# WHAT YOU HAVE TO DO:
Retype the entries, please, from their first line to the line containing "#156160=DIRECTION('',(0.,0.,1.));", exactly and only those lines, minus the pictures.

# DATA SHOWN:

---

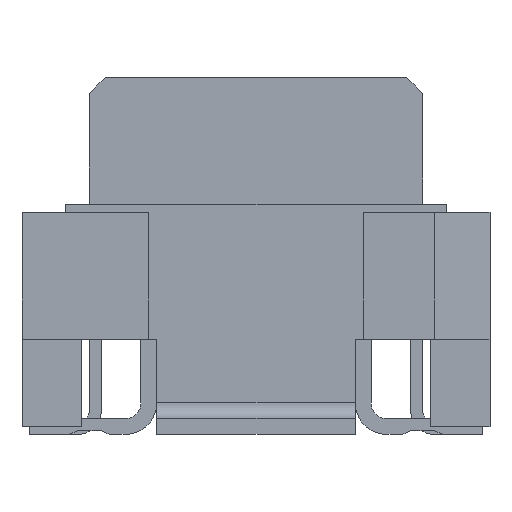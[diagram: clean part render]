
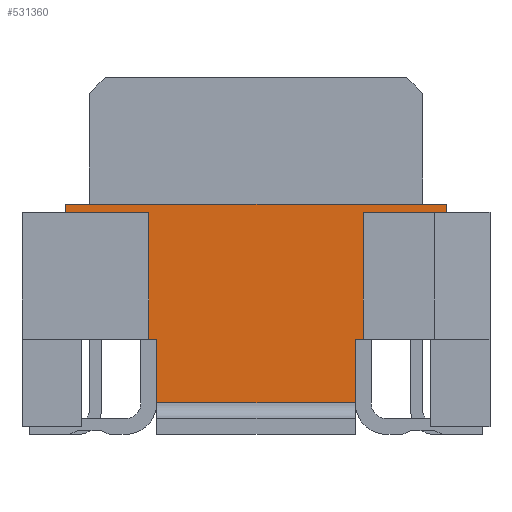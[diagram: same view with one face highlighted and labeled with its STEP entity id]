
A CAD part, front view. The second image highlights one B-rep face of the part: STEP entity #531360.
In plain terms, the highlighted planar face has unit normal (0, -1, 0).
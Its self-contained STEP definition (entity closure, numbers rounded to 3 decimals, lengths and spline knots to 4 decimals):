
#56030=CARTESIAN_POINT('',(-2.709,-14.41,0.));
#56040=DIRECTION('',(0.,0.,1.));
#56050=VECTOR('',#56040,1.);
#56060=LINE('',#56030,#56050);
#56070=CARTESIAN_POINT('',(-2.709,-14.41,0.2078));
#56080=VERTEX_POINT('',#56070);
#56090=CARTESIAN_POINT('',(-2.709,-14.41,1.8078));
#56100=VERTEX_POINT('',#56090);
#56110=EDGE_CURVE('',#56080,#56100,#56060,.T.);
#61270=CARTESIAN_POINT('',(1.041,-14.41,1.8078));
#61280=VERTEX_POINT('',#61270);
#61310=CARTESIAN_POINT('',(1.041,-14.41,0.));
#61320=DIRECTION('',(0.,0.,1.));
#61330=VECTOR('',#61320,1.);
#61340=LINE('',#61310,#61330);
#61350=CARTESIAN_POINT('',(1.041,-14.41,1.9078));
#61360=VERTEX_POINT('',#61350);
#61370=EDGE_CURVE('',#61280,#61360,#61340,.T.);
#68020=CARTESIAN_POINT('',(-0.009,-14.41,1.8078)
);
#68030=VERTEX_POINT('',#68020);
#68060=CARTESIAN_POINT('',(0.,-14.41,1.8078));
#68070=DIRECTION('',(-1.,0.,0.));
#68080=VECTOR('',#68070,1.);
#68090=LINE('',#68060,#68080);
#68100=EDGE_CURVE('',#61280,#68030,#68090,.T.);
#156110=CARTESIAN_POINT('',(-2.609,-14.41,0.2078))
;
#156120=VERTEX_POINT('',#156110);
#156150=CARTESIAN_POINT('',(-2.609,-14.41,0.));
#156160=DIRECTION('',(0.,0.,1.));
#156170=VECTOR('',#156160,1.);
#156180=LINE('',#156150,#156170);
#156190=CARTESIAN_POINT('',(-2.609,-14.41,-0.5922)
);
#156200=VERTEX_POINT('',#156190);
#156210=EDGE_CURVE('',#156200,#156120,#156180,.T.);
#281970=CARTESIAN_POINT('',(-0.109,-14.41,-0.5922
));
#281980=VERTEX_POINT('',#281970);
#282100=CARTESIAN_POINT('',(0.,-14.41,-0.5922));
#282110=DIRECTION('',(-1.,0.,0.));
#282120=VECTOR('',#282110,1.);
#282130=LINE('',#282100,#282120);
#282140=EDGE_CURVE('',#281980,#156200,#282130,.T.);
#500580=CARTESIAN_POINT('',(0.,-14.41,0.2078));
#500590=DIRECTION('',(1.,0.,0.));
#500600=VECTOR('',#500590,1.);
#500610=LINE('',#500580,#500600);
#500620=EDGE_CURVE('',#56080,#156120,#500610,.T.);
#500770=CARTESIAN_POINT('',(-0.109,-14.41,0.2078)
);
#500780=VERTEX_POINT('',#500770);
#500810=CARTESIAN_POINT('',(-0.009,-14.41,
0.2078));
#500820=VERTEX_POINT('',#500810);
#500830=EDGE_CURVE('',#500780,#500820,#500610,.T.);
#525900=CARTESIAN_POINT('',(-3.759,-14.41,1.8078));
#525910=VERTEX_POINT('',#525900);
#525940=EDGE_CURVE('',#56100,#525910,#68090,.T.);
#530950=CARTESIAN_POINT('',(-2.609,-14.41,1.4078));
#530960=DIRECTION('',(-0.,-1.,-0.));
#530970=DIRECTION('',(-1.,0.,0.));
#530980=AXIS2_PLACEMENT_3D('',#530950,#530960,#530970);
#530990=PLANE('',#530980);
#531000=ORIENTED_EDGE('',*,*,#156210,.F.);
#531010=ORIENTED_EDGE('',*,*,#500620,.T.);
#531020=ORIENTED_EDGE('',*,*,#56110,.F.);
#531030=ORIENTED_EDGE('',*,*,#525940,.F.);
#531040=CARTESIAN_POINT('',(-3.759,-14.41,0.));
#531050=DIRECTION('',(0.,0.,-1.));
#531060=VECTOR('',#531050,1.);
#531070=LINE('',#531040,#531060);
#531080=CARTESIAN_POINT('',(-3.759,-14.41,1.9078));
#531090=VERTEX_POINT('',#531080);
#531100=EDGE_CURVE('',#531090,#525910,#531070,.T.);
#531110=ORIENTED_EDGE('',*,*,#531100,.T.);
#531120=CARTESIAN_POINT('',(0.,-14.41,1.9078));
#531130=DIRECTION('',(1.,0.,0.));
#531140=VECTOR('',#531130,1.);
#531150=LINE('',#531120,#531140);
#531160=EDGE_CURVE('',#531090,#61360,#531150,.T.);
#531170=ORIENTED_EDGE('',*,*,#531160,.F.);
#531180=ORIENTED_EDGE('',*,*,#61370,.T.);
#531190=ORIENTED_EDGE('',*,*,#68100,.F.);
#531200=CARTESIAN_POINT('',(-0.009,-14.41,0.));
#531210=DIRECTION('',(0.,0.,1.));
#531220=VECTOR('',#531210,1.);
#531230=LINE('',#531200,#531220);
#531240=EDGE_CURVE('',#500820,#68030,#531230,.T.);
#531250=ORIENTED_EDGE('',*,*,#531240,.T.);
#531260=ORIENTED_EDGE('',*,*,#500830,.T.);
#531270=CARTESIAN_POINT('',(-0.109,-14.41,0.));
#531280=DIRECTION('',(0.,0.,-1.));
#531290=VECTOR('',#531280,1.);
#531300=LINE('',#531270,#531290);
#531310=EDGE_CURVE('',#500780,#281980,#531300,.T.);
#531320=ORIENTED_EDGE('',*,*,#531310,.F.);
#531330=ORIENTED_EDGE('',*,*,#282140,.F.);
#531340=EDGE_LOOP('',(#531330,#531320,#531260,#531250,#531190,#531180,
#531170,#531110,#531030,#531020,#531010,#531000));
#531350=FACE_OUTER_BOUND('',#531340,.T.);
#531360=ADVANCED_FACE('',(#531350),#530990,.T.);

---

# YOUR SOLUTION:
[diagram: clean part render]
[diagram: same view with one face highlighted and labeled with its STEP entity id]
A CAD part, front view. The second image highlights one B-rep face of the part: STEP entity #531360.
In plain terms, the highlighted planar face has unit normal (0, -1, 0).
Its self-contained STEP definition (entity closure, numbers rounded to 3 decimals, lengths and spline knots to 4 decimals):
#56030=CARTESIAN_POINT('',(-2.709,-14.41,0.));
#56040=DIRECTION('',(0.,0.,1.));
#56050=VECTOR('',#56040,1.);
#56060=LINE('',#56030,#56050);
#56070=CARTESIAN_POINT('',(-2.709,-14.41,0.2078));
#56080=VERTEX_POINT('',#56070);
#56090=CARTESIAN_POINT('',(-2.709,-14.41,1.8078));
#56100=VERTEX_POINT('',#56090);
#56110=EDGE_CURVE('',#56080,#56100,#56060,.T.);
#61270=CARTESIAN_POINT('',(1.041,-14.41,1.8078));
#61280=VERTEX_POINT('',#61270);
#61310=CARTESIAN_POINT('',(1.041,-14.41,0.));
#61320=DIRECTION('',(0.,0.,1.));
#61330=VECTOR('',#61320,1.);
#61340=LINE('',#61310,#61330);
#61350=CARTESIAN_POINT('',(1.041,-14.41,1.9078));
#61360=VERTEX_POINT('',#61350);
#61370=EDGE_CURVE('',#61280,#61360,#61340,.T.);
#68020=CARTESIAN_POINT('',(-0.009,-14.41,1.8078)
);
#68030=VERTEX_POINT('',#68020);
#68060=CARTESIAN_POINT('',(0.,-14.41,1.8078));
#68070=DIRECTION('',(-1.,0.,0.));
#68080=VECTOR('',#68070,1.);
#68090=LINE('',#68060,#68080);
#68100=EDGE_CURVE('',#61280,#68030,#68090,.T.);
#156110=CARTESIAN_POINT('',(-2.609,-14.41,0.2078))
;
#156120=VERTEX_POINT('',#156110);
#156150=CARTESIAN_POINT('',(-2.609,-14.41,0.));
#156160=DIRECTION('',(0.,0.,1.));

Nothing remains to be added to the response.